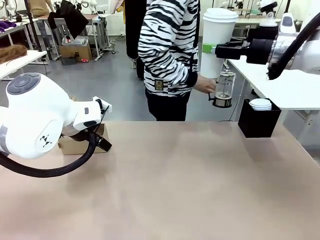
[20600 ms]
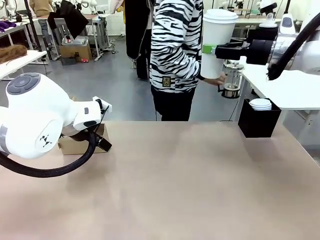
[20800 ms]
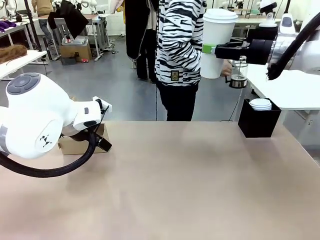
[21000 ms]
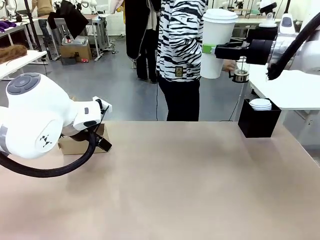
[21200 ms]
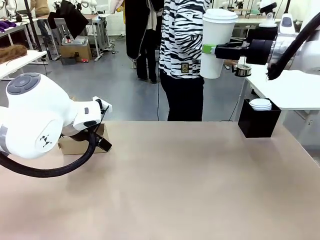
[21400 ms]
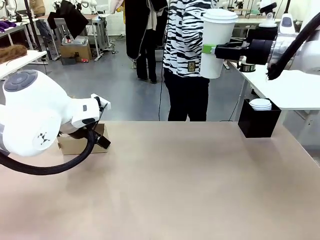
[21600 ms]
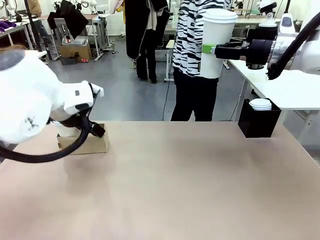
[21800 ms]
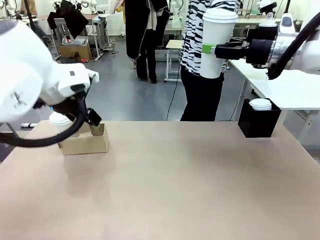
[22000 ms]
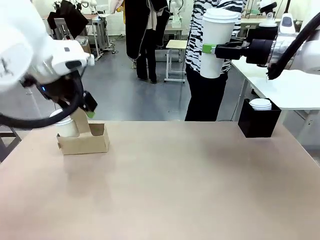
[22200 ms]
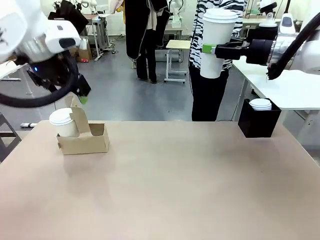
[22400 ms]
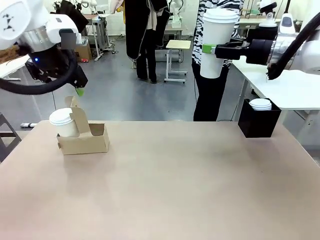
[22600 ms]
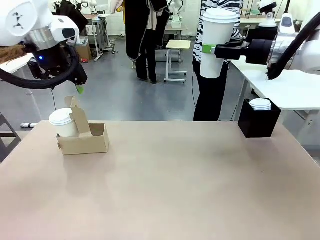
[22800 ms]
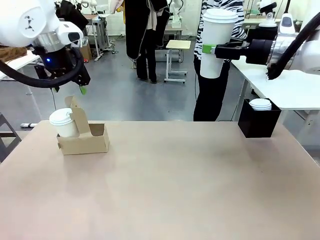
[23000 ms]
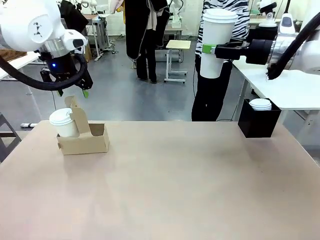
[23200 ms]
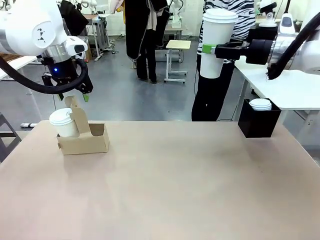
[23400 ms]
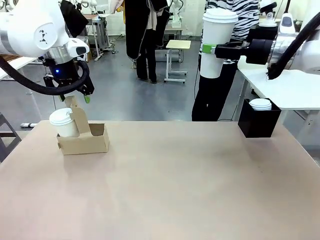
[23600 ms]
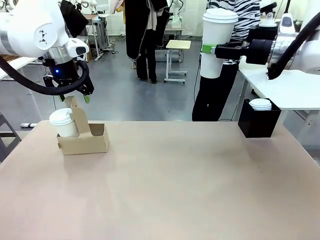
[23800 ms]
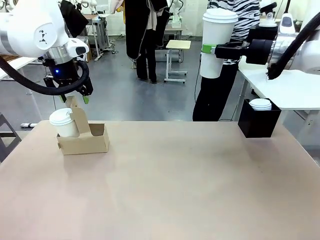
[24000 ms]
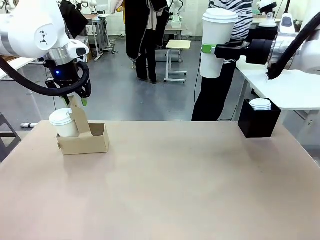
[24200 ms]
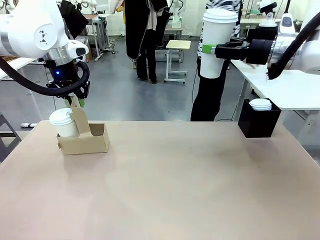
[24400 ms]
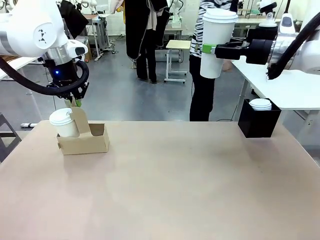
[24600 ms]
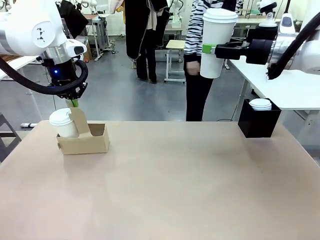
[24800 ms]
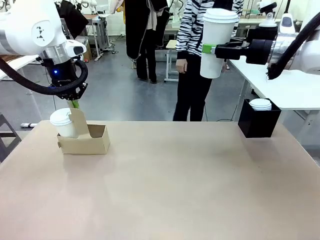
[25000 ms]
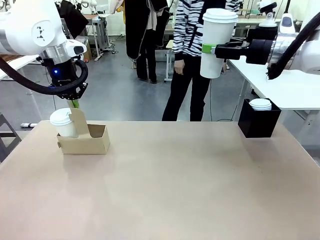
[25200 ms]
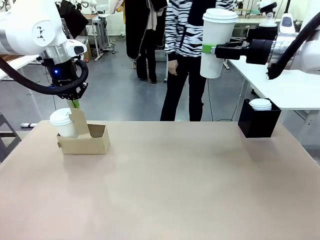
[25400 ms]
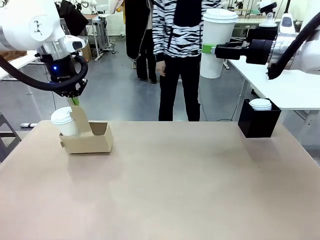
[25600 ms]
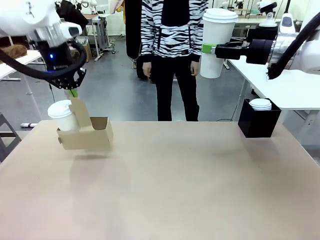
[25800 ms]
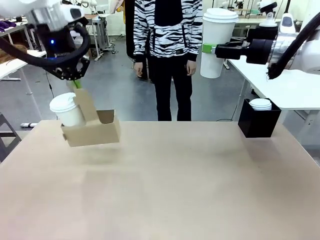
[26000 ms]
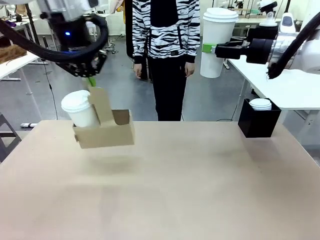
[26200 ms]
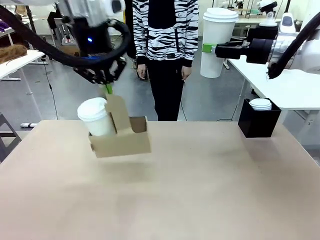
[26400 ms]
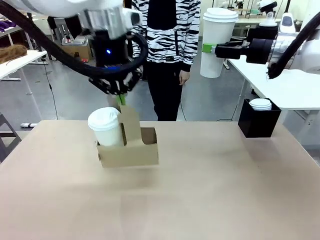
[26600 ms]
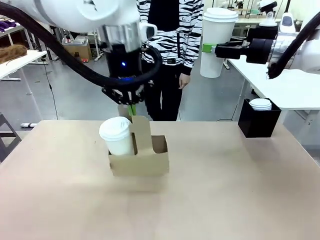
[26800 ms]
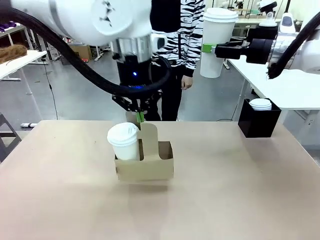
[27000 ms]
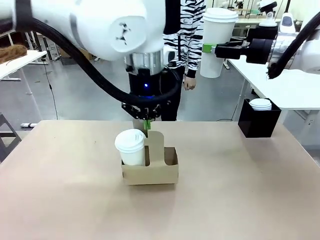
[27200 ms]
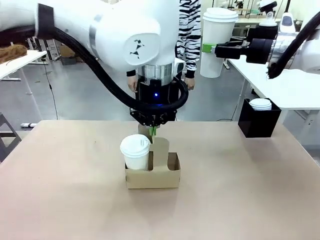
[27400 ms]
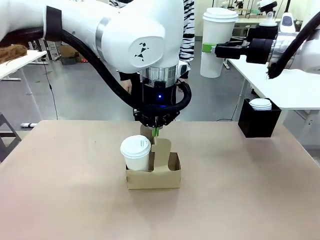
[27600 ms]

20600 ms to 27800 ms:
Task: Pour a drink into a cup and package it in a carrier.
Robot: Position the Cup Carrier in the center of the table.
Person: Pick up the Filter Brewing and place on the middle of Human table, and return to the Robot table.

---+---

• Work item: The copy you produce must match the entries above exactly, except that it has no pictures.

• Solution for this problem:
[20600 ms]
[20800 ms]
[21000 ms]
[21200 ms]
[21400 ms]
[21600 ms]
[21800 ms]
[22000 ms]
[22200 ms]
[22400 ms]
[22600 ms]
[22800 ms]
[23000 ms]
[23200 ms]
[23400 ms]
[23600 ms]
[23800 ms]
[24000 ms]
[24200 ms]
[24400 ms]
[24600 ms]
[24800 ms]
[25000 ms]
[25200 ms]
[25400 ms]
[25600 ms]
[25800 ms]
[26000 ms]
[26200 ms]
[26400 ms]
[26600 ms]
[26800 ms]
[27000 ms]
[27200 ms]
[27400 ms]
[27600 ms]

20600 ms to 27800 ms:
Task: Pour a drink into a cup and package it in a carrier.
Robot: Position the Cup Carrier in the center of the table.
Person: Pick up the Filter Brewing and place on the middle of Human table, and return to the Robot table.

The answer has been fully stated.